**Work order:** Omit all images, then repeat exactly the lines below from the one containing "2.4 s after image 1." through the one containing "7.2 s after image 1.", both ends included.

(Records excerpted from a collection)
↓↓↓

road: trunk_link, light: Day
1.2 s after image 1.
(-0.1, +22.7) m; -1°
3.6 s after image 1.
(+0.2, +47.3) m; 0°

↑↑↑
↓↓↓

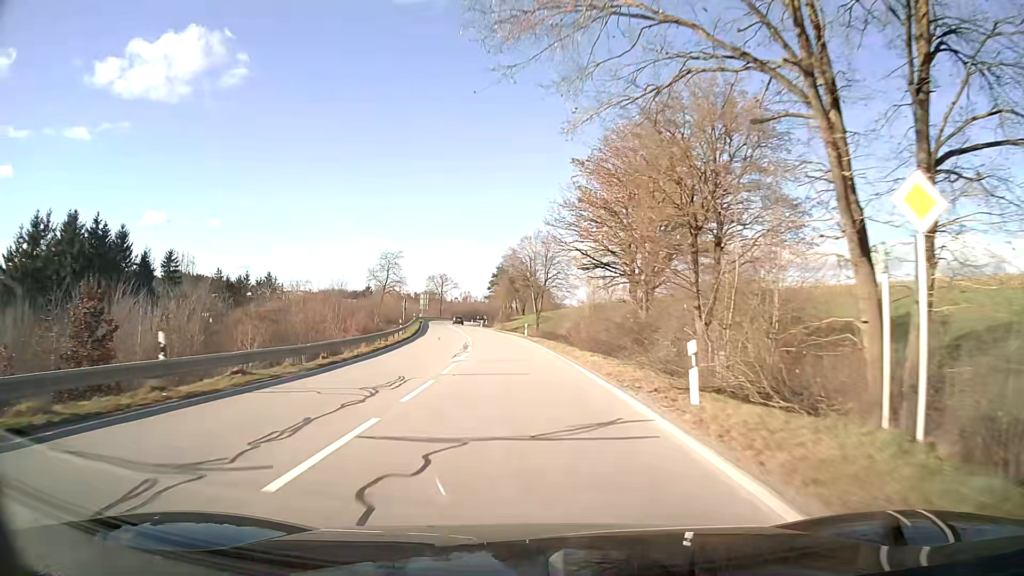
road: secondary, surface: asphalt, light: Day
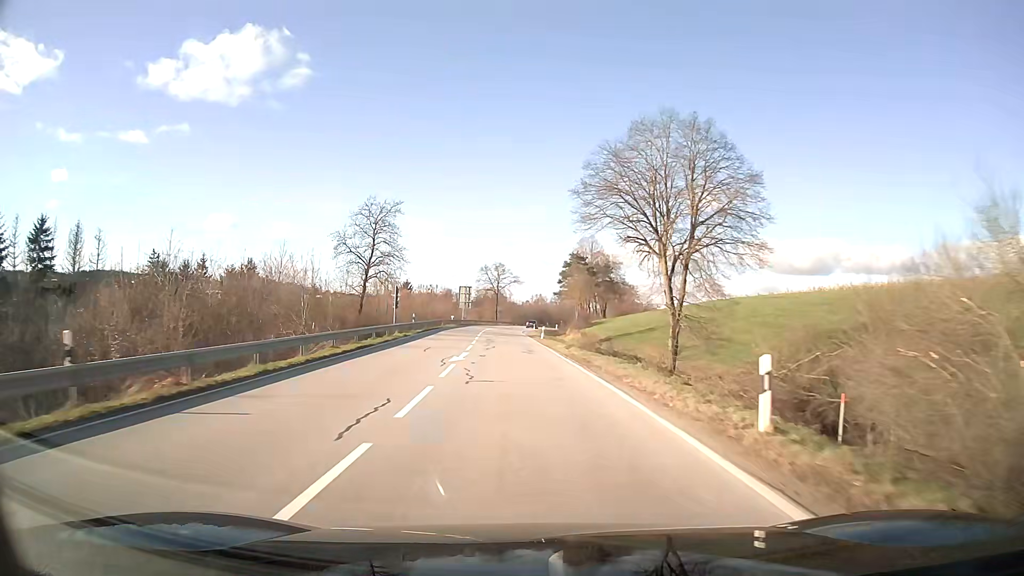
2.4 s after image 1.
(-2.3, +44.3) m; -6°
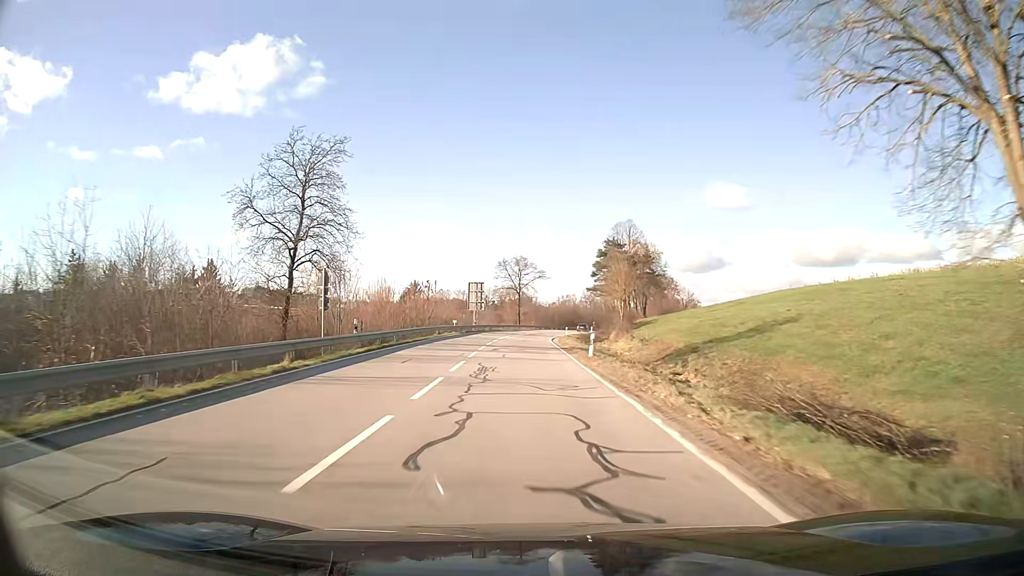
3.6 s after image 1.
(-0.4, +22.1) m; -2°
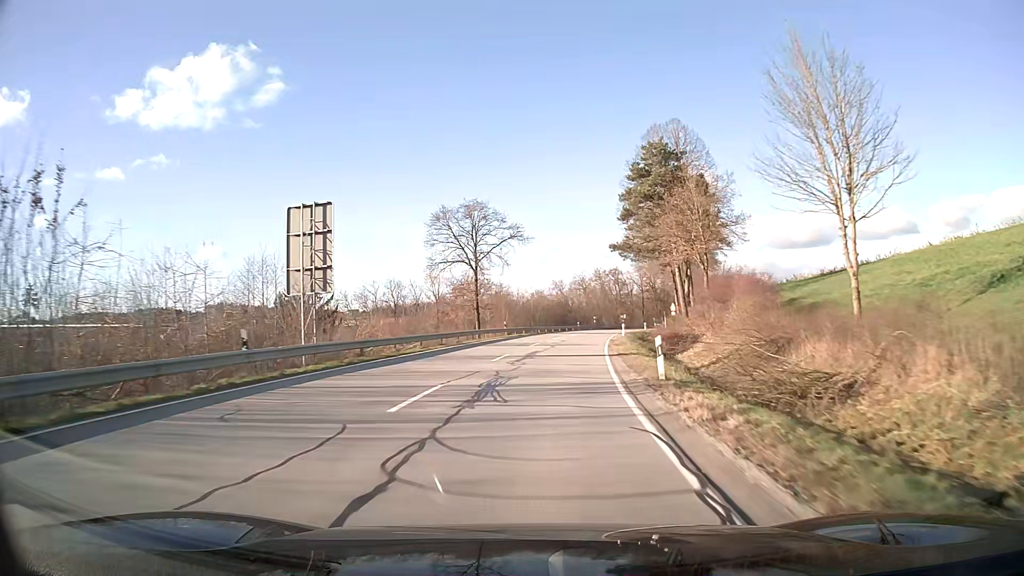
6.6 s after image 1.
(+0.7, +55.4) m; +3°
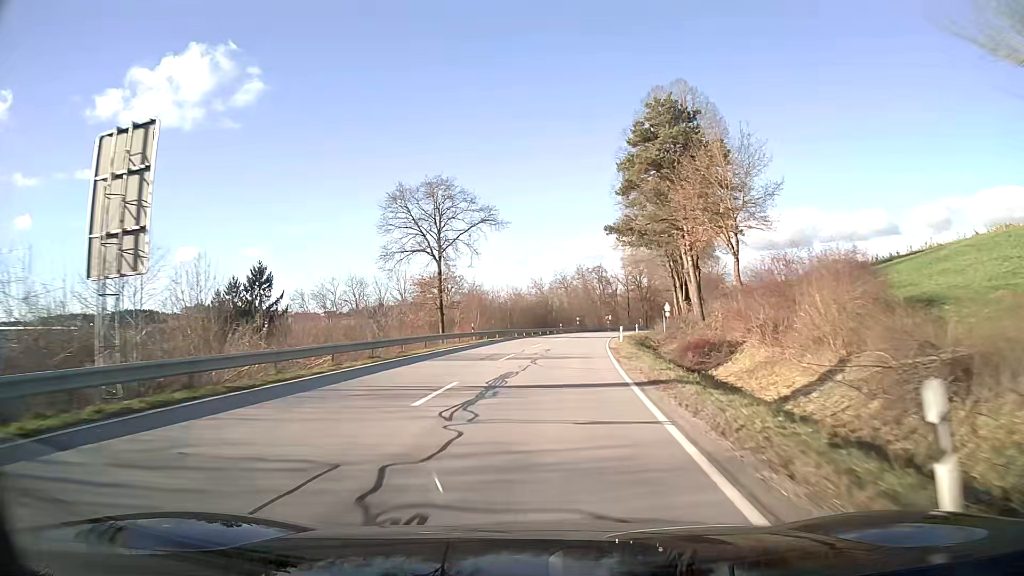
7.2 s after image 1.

↑↑↑

**Answer to this task:**
2.4 s after image 1.
(-2.3, +44.3) m; -6°
3.6 s after image 1.
(-0.4, +22.1) m; -2°
6.6 s after image 1.
(+0.7, +55.4) m; +3°
7.2 s after image 1.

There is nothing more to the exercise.